This item was presented by Oretha Wofford, Principal Social Worker.
The Panel were advised that the report had been written six months before and that progress had been made in a number of areas since then. However, there remained some lingering themes:
- Issues with preparation for leaving care and pathway planning for young people aged 16 and over
- Issues with the quality of visits
- Delays in getting cases resolved
- The quality of direct work with young people
The Chair invited Tim Sugden, who had been an IRO for 11 years, to speak on his experience of this work. He explained that he had written the preface to the "IRO voices Annual Report" included in this meeting's agenda and set out the key issues he had faced in doing this work, such as receiving appropriate answers to his many questions and queries. He conceded, however, that there had been some improvement and that quality assurance had become more consistent in recent months.
Tim Sugden explained that there were three complaint stages before an issue was escalated to the Executive Director, and that 3 complaints had reached that final stage in the last 4 months, including a complaint regarding immunisation.
Officers concurred that the council needed to embrace the views of IROs and use them to improve outcomes for children and that timeliness of responses needed to be improved.
Members discussed the graph on page 41 of the agenda, setting out responses to the question "Has semi-independent / permanent accommodation, the leaving care grant and post-eighteen support been explained?". They noted that only 45% had answered "yes" to this question. Officers explained that while these questions were always discussed, they were not always explained clearly enough, leading to a negative answer from looked after children. This was a particular problem for young people from black and minority ethnic backgrounds who had not fully understood the information given to them.
Members questioned officers regarding the reasons for delays in addressing "CERPs" (complaints made using the Croydon Escalation and Resolution Process"). Officers explained that these delays were due to a range of reasons including the notification process. Asked whether they felt the process was satisfactory, officers replied that it had improved dramatically after initial teething troubles and that an increasing number of IROs were using the complaints process effectively and confidently. The Panel also heard that there was an agreed escalation policy with guidance on thresholds for triggering a "CERP", which officers would be happy to circulate. To officers' comments on thresholds, members stressed that thresholds might need to vary according to the type and acuteness of need of different individuals.
Members and officers agreed that endeavouring to resolve issues through informal discussion before having to escalate them as "CERPs" was good practice, but it was emphasised that a record of informal discussions also needed to be kept. Officers stated that a system had been developed for recording such informal discussions, which currently held about 230 such reports. It was argued that the monitoring of such discussions should be improved and that these records should be analysed to identify trends and tackle them in a timely fashion.
The Panel were informed that the Director of Children, Family Intervention and Children's Social Care received a quarterly report regarding ongoing issues, which was then used to review and fine-tune management plans.
Asked about trends in CERPs, officers responded that health assessments had been an issue some years ago but that backlogs had now been resolved.
Members asked how often there had been an escalation of an informal discussion to a formal complaint.
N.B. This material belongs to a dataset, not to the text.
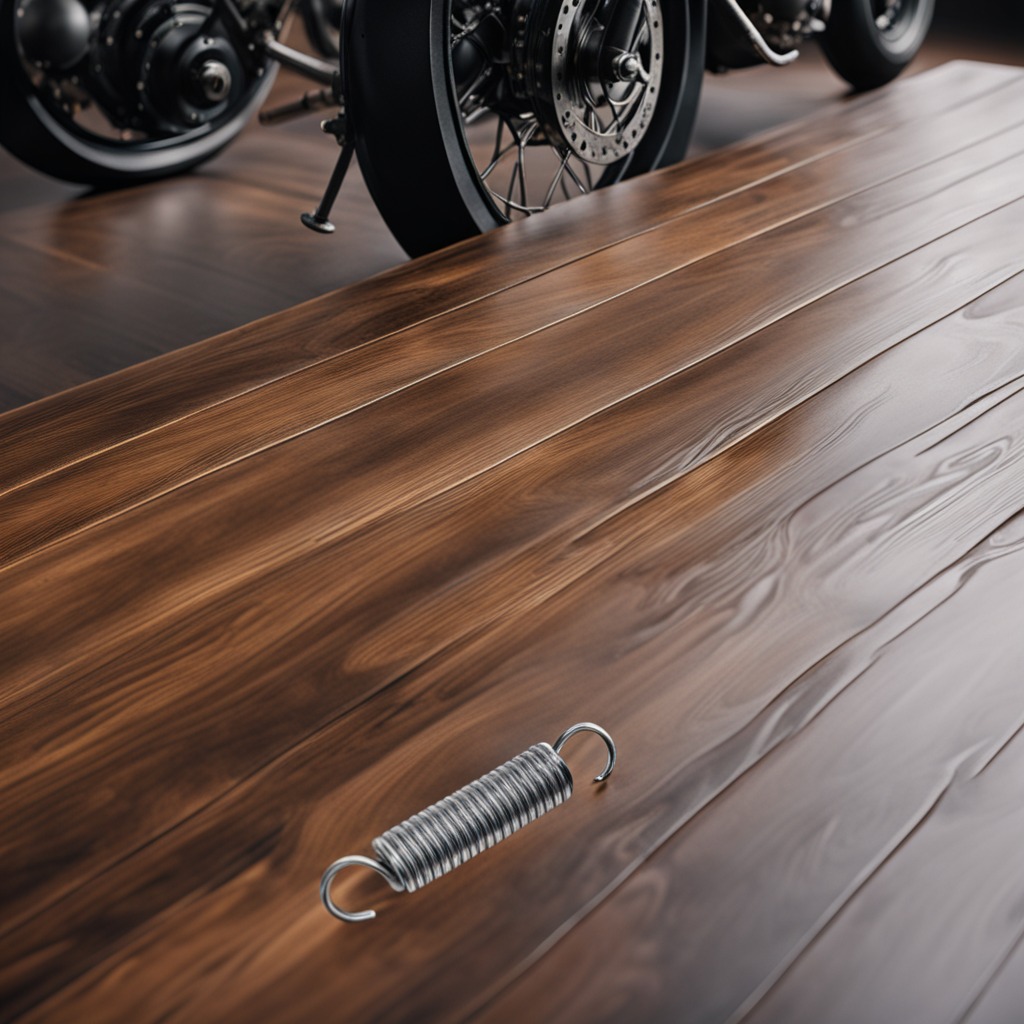
A coiled metal spring lies on the oil-spilled wooden table in a vintage motorcycle garage.

Officers explained that serious issues such as the failure to take forward an adoption plan might merit swift escalation while an issue with pocket money would not merit a full scale complaint under the Croydon Escalation and Resolution Process.
Officers stressed that while CERPs were a useful tool for addressing the needs of Looked After Children, the role of IROs was not to be a "compliance police force", but rather to befriend, encourage and inspire young people in care.
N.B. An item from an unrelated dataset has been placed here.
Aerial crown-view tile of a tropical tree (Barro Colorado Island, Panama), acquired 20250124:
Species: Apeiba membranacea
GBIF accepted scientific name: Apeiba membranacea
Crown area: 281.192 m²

The Panel heard that one IRO was attached to the Leaving Care team to help young people manage the challenging transition from care to independence more easily.
The Chair invited young people present to comment on their relationship with their IROs.
K. stated that he had a friendly IRO, who he felt really listened to his views and needs, and did not take sides. He felt that all IROs should be like his one.
R. stated that he had a very understanding IRO. He explained that he learnt quite slowly and that he received good support from his IRO and his social worker to manage his learning difficulties.
R.'s foster carer stated that R's IRO had been on long term sickness leave and that no one had filled that gap in her absence, which had led to difficulties for R. including the cancellation of his Personal Education Plan (PEP). The IRO had then come back too soon in the opinion of the foster carer, which had had an impact on R. She stressed that a back-up plan was needed in such circumstances to provide continuity of support for Looked After Children.
B. was in attendance but his foster carer spoke for him and said that everything was OK.
Young people in attendance were asked whether they felt that they had received adequate preparation for leaving care. R. stated that he had, and was appreciative of the information and advice he had received. He added that he felt he would benefit from support e.g. financial advice at the point when he moved to semi-independent accommodation. K., on the other hand, felt that the Leaving Care team did not take this work seriously enough. He felt that he was not ready to move out from his foster family and urged officers to make that transfer easier. He explained that he had had the same social worker for 7 years and had developed a very good relationship with her and stressed that for many young looked after people, turning 18 represented a real challenge.
Officers stated that with the "Staying put" initiative, young people were encouraged to go semi-independent ONLY if they felt ready to do so.
Officers, Looked After Children and their foster carers were thanked for their responses to members' questions.